To need a long spoon

G
To need a long spoon
author
Summary
During the early 1950s SHIELD memorializes its fallen and Peggy compartmentalizes the present
Note
Contains non-explicit references to human experimentation

SHIELD released Captain America’s identity in 1953. Keeping it secret hadn’t had much point since Steve Rogers took that plane down, but Peggy had still held a shred of hope the serum might have let him survive, and although it went unspoken she believed Howard shared it. Steve had appeared in a few propaganda clips with his helmet off, but the serum had changed him so much they all doubted many people who had known the little guy from Brooklyn would make the connection, and as far as Peggy knew nobody had.

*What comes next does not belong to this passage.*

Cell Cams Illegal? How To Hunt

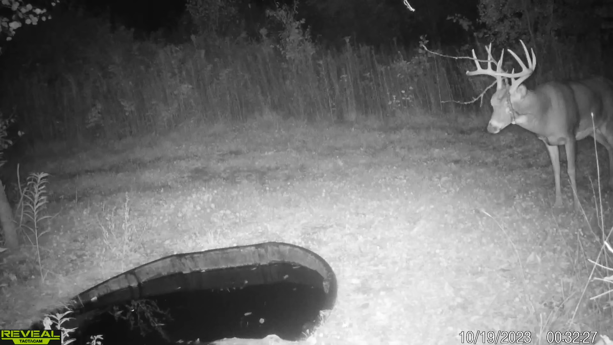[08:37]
he's out here he has a long brow tine on one side he's a nice 10 I passed him up right over there I passed him up over there he

The catalyst for release was a man running around in a Captain America costume, claiming to be an official government commie basher, and beating up a lot of people, some of them Communists, some of them socialists, and some of them not political at all. Steve, a committed socialist, would have been outraged.

Once he landed on SHIELD’s radar, the false Captain America wasn’t hard to bring in. His name turned out to be William Burnside, he was unusually strong but no supersoldier and he was certainly mentally unbalanced. Having satisfied themselves as far as possible that Burnside was acting alone, SHIELD had to face the fact that there was nothing to prevent more false Captain Americas appearing, some of them perhaps with more organised backing. The best way to prevent that was to make it public that Captain America was dead.

A book was released, a carefully scrutinised account of Captain America’s SSR career. A documentary accompanied it, including interviews with Peggy, with Howard, and with the three surviving Howling Commandos who lived in the US. Of course there was a certain amount of editing, some to remove matters still kept secret, some to obscure Steve’s more reckless rule breaking. Peggy accepted it. Steve was unique, Steve walked a charmed path right up to the moment when he didn’t any longer; she had admired that but did not want to be responsible for anyone trying to emulate him. Even so she felt unease at the way that first rescue was cast. No direct lies, yet the account read as though it had been an authorised mission and the presence among the rescued soldiers of Steve’s lifelong best friend was an unexpected coincidence. Peggy understood the reasons, but it nagged at her.

Releasing the information that Captain America had sacrificed himself to save so many other lives paved the way to a proper memorial.   It was made of white Portland stone, with the design of Steve’s shield carved at the top and the wording kept simple, though Howard made a joke about including a verse of ‘Star-spangled Man’ that made Peggy smile ruefully. The memorial ceremony itself was far from simple, as far too many people wanted to be present. Of course Senator Brandt managed to get in on the act, reading out a message from President Eisenhower. Peggy had the notes of ‘The Last Post’ sounding in her head throughout. To her no military memorial felt right without it, but Steve wasn’t British, so it wouldn’t have been appropriate.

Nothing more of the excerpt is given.